The game on also happens to be the Boston-Pittsburgh match-up. Sidney Crosby, captain of the Penguins, is coming off scoring the winning goal in the Olympic gold medal game against the U.S. last week, and is not playing stellarly, but it doesn’t really matter.
The New York Times published an article following the Canadian gold medal victory about the sport’s culture in that nation. Sure, we have baseball in America, the article says, but we have nothing that rivals the hockey tradition in Canada.
Children to our north are given skates before they can walk, hockey sticks before they can write, and bred to be diehard Habs, Maple Leafs, or Oilers fans from infancy (No kidding, you can get sippy cups, pacifiers, onesies, and anything else with the team logos plastered on them).

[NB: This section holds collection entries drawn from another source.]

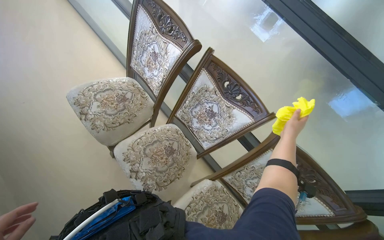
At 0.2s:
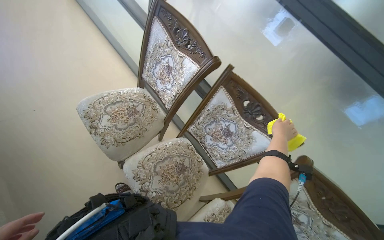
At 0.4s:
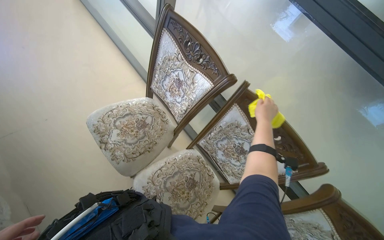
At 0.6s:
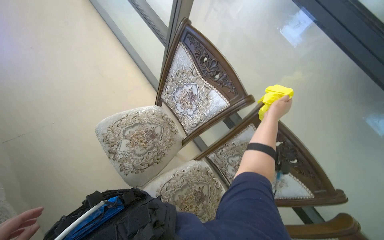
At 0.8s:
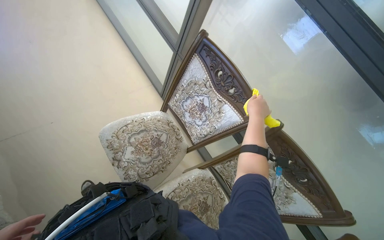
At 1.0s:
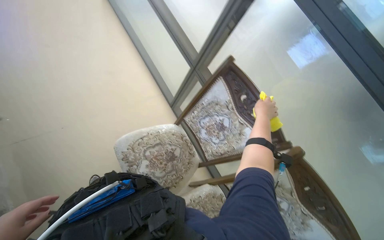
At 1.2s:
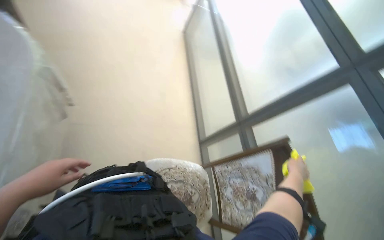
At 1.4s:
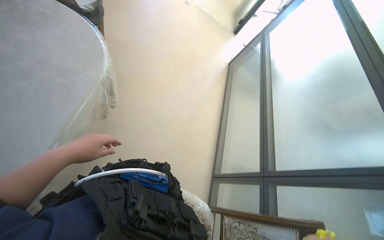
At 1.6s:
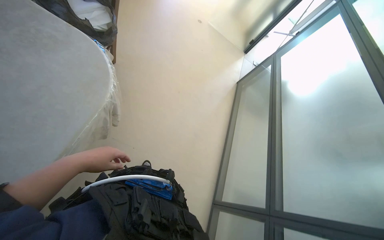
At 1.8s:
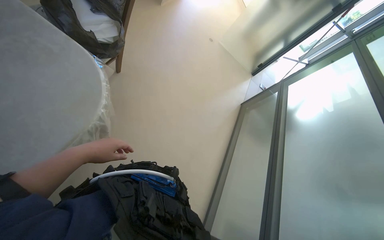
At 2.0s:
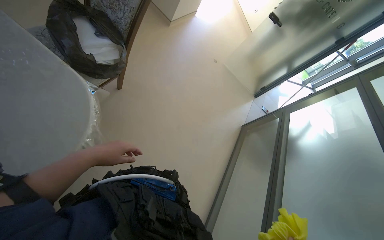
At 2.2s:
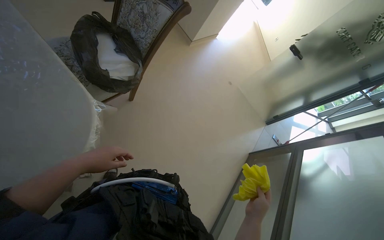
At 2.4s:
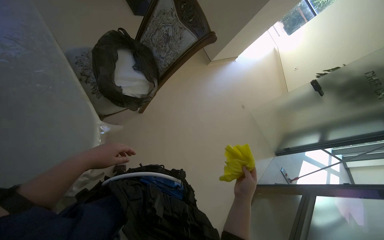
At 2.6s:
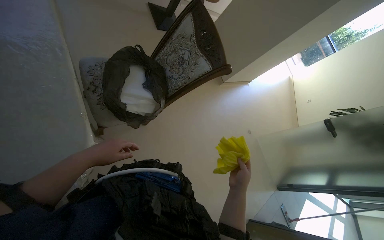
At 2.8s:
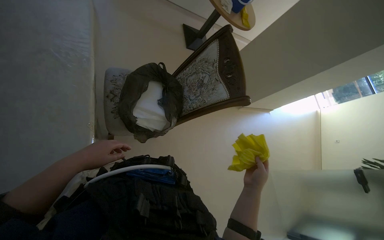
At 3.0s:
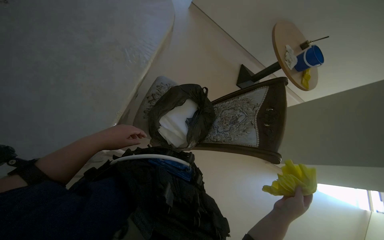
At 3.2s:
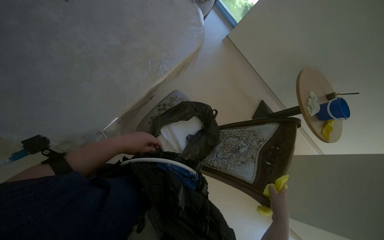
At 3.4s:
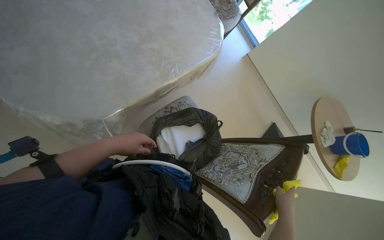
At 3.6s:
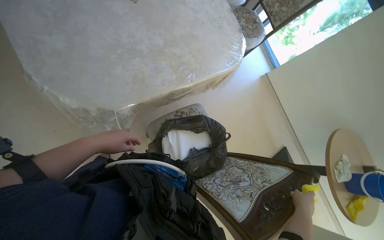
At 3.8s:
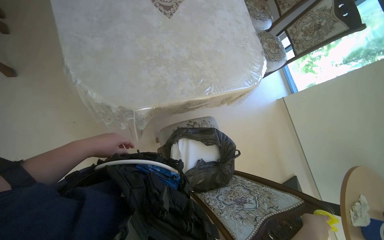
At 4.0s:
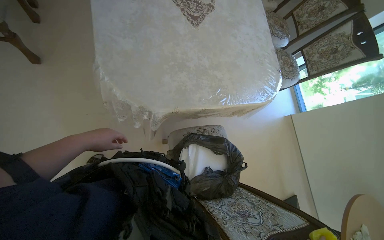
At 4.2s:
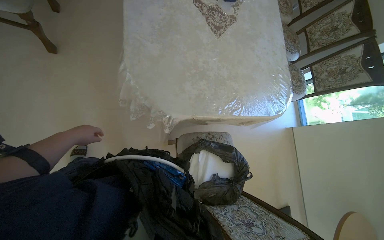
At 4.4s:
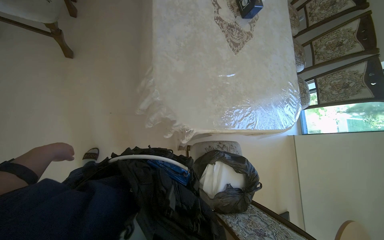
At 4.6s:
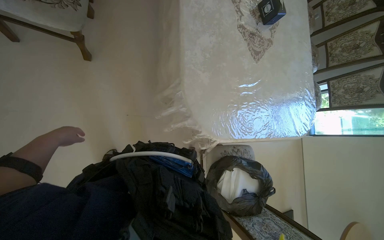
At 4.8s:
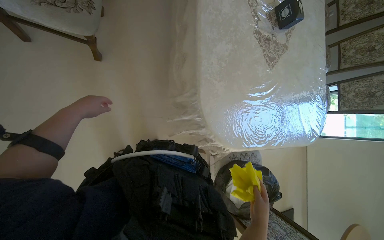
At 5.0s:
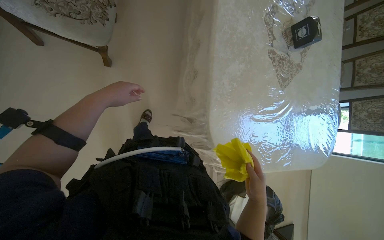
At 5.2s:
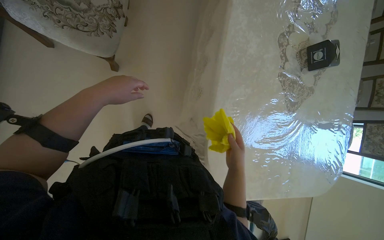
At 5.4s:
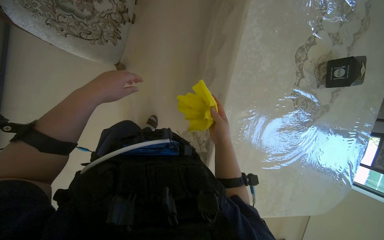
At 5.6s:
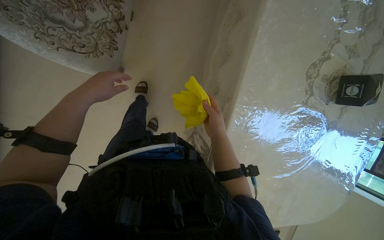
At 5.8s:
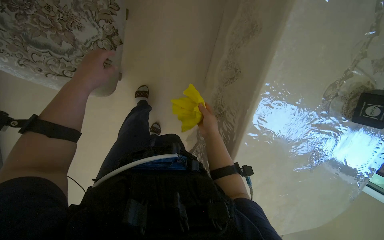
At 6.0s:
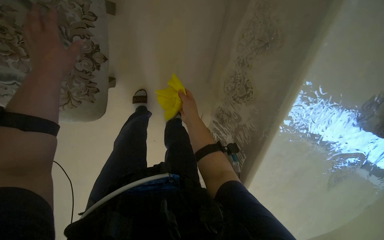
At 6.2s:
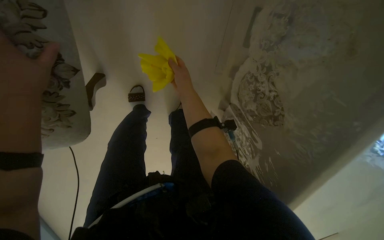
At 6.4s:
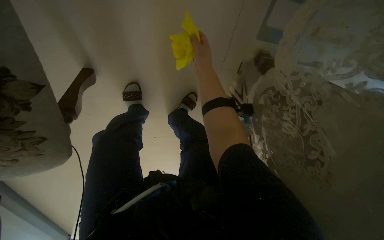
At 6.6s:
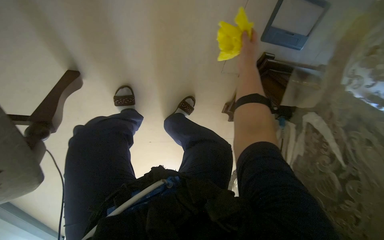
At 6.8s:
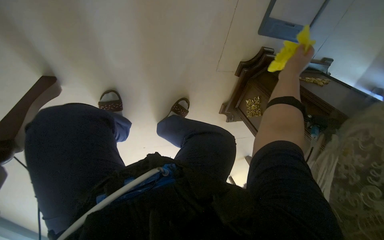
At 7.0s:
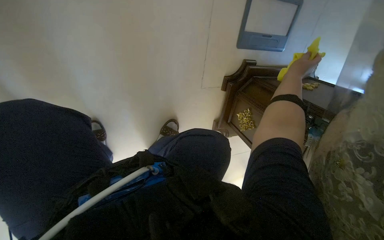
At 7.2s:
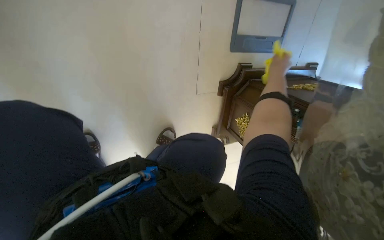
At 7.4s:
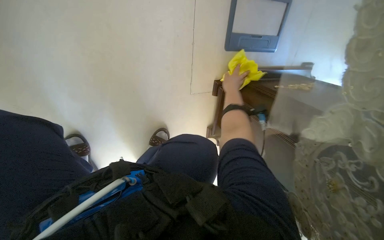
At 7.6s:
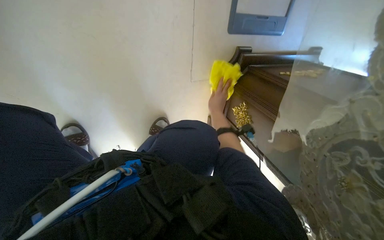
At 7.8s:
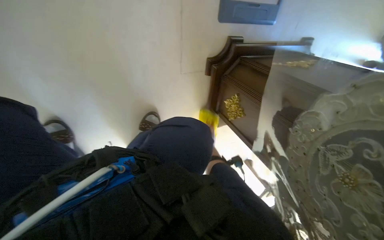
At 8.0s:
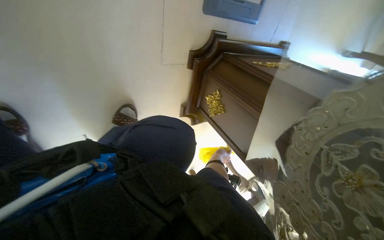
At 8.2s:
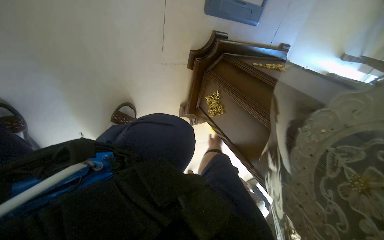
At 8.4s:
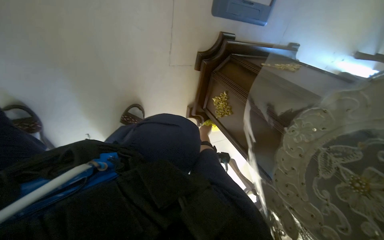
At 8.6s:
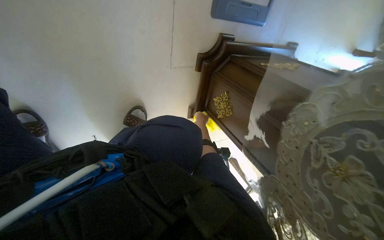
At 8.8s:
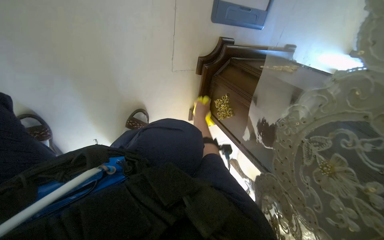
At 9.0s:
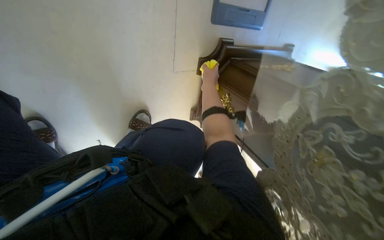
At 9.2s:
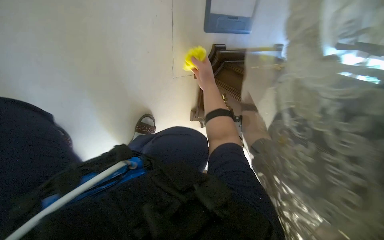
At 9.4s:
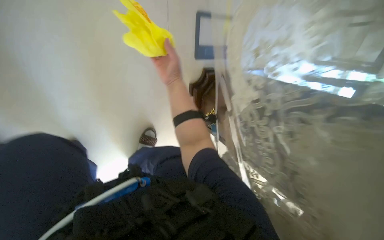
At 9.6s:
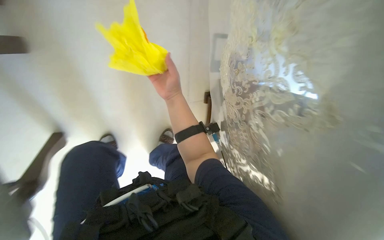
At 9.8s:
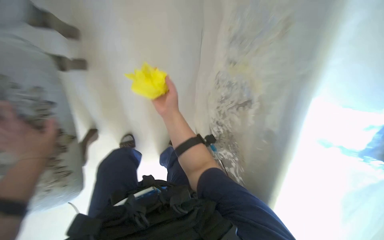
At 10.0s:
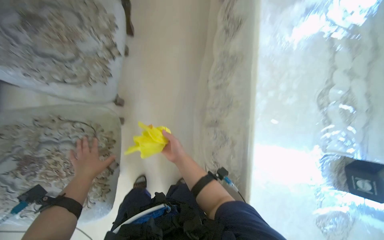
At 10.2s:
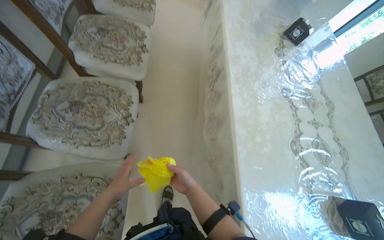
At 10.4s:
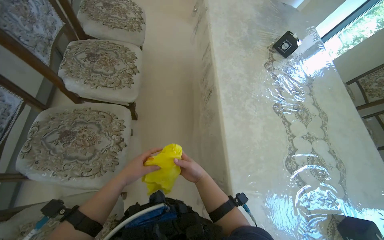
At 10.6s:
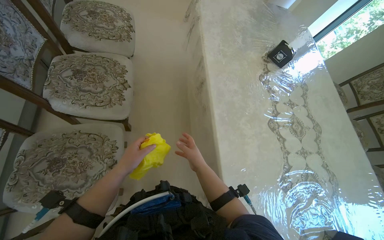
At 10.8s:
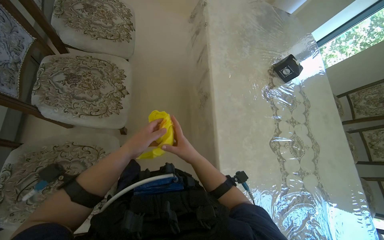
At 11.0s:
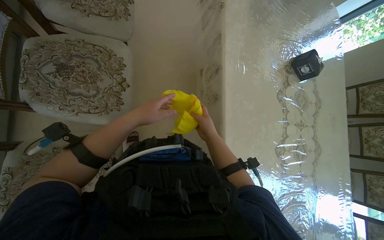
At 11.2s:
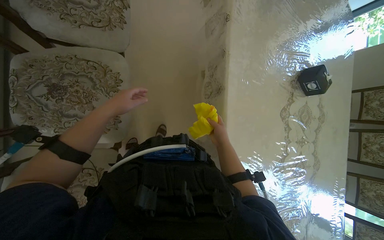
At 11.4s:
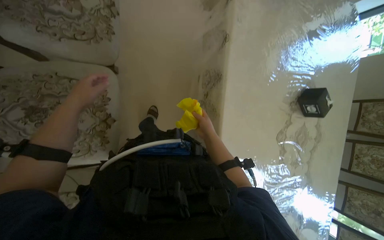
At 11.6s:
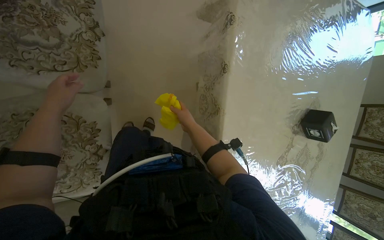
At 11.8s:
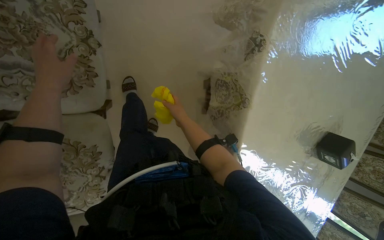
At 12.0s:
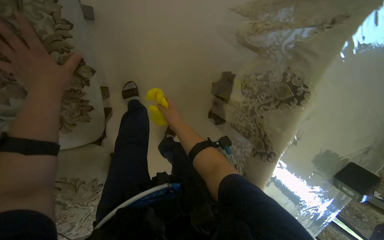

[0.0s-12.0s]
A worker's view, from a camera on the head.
Job: wiping surfaces.
The whole recording: Cleaning various surfaces and windows. The worker wipes and squeegees various surfaces including furniture, windows, and a glass partition.
0.0s to 1.6s: The camera travels about 90 cm. The wearer looks about 60 degrees further to the left. The wearer looks approximately 20 degrees further upward.
1.6s to 3.0s: The wearer moves roughly 70 cm. The head rotates approximately 80 degrees to the left. The wearer looks some 40 degrees further upward.
3.0s to 4.4s: The head turns to the left by roughly 60 degrees. The wearer looks approximately 25 degrees further upward.
4.4s to 6.0s: The head travels roughly 1 m. The head rotates approximately 20 degrees to the left. The wearer looks some 30 degrees further downward.
6.0s to 7.6s: The camera is carried roughly 60 cm. The camera pitches downward, by about 15 degrees.
7.6s to 9.0s: The right hand goes farther from the camera and returns, some 20 cm each way.
9.0s to 10.4s: The camera is carried some 50 cm. The view swings roughly 25 degrees to the left. The view tilts some 25 degrees upward.
10.4s to 12.0s: The head travels approximately 1.5 m. The view tips downward by about 45 degrees.

For Canadians, hockey is more than a sport-it’s a religion. Hockey Night in Canada has as many viewers as all of the churches in Canada on a Sunday and Don Cherry’s infamous style stands in for the drab robes of usual pastors. And watchers treat Cherry as a priest-anxiously awaiting intermission to hear his homily of commentary, predictions, and gossip.
The people in this waiting room are generally silent, except for random sentences-presumably about the condition of their loved one. Then something not so surprising happens. They start talking about the game.
Somber faces turn to eager ones waiting for the replay of the last goal or fight. People united only by the fact that they must wait on these blue sofas for news, debate the merits of each team.
So sure…there are Torahs waiting for visitors in a nearby bookshelf, but it seems as though the NHL and the tradition of hockey might be all they need to get through the hard times.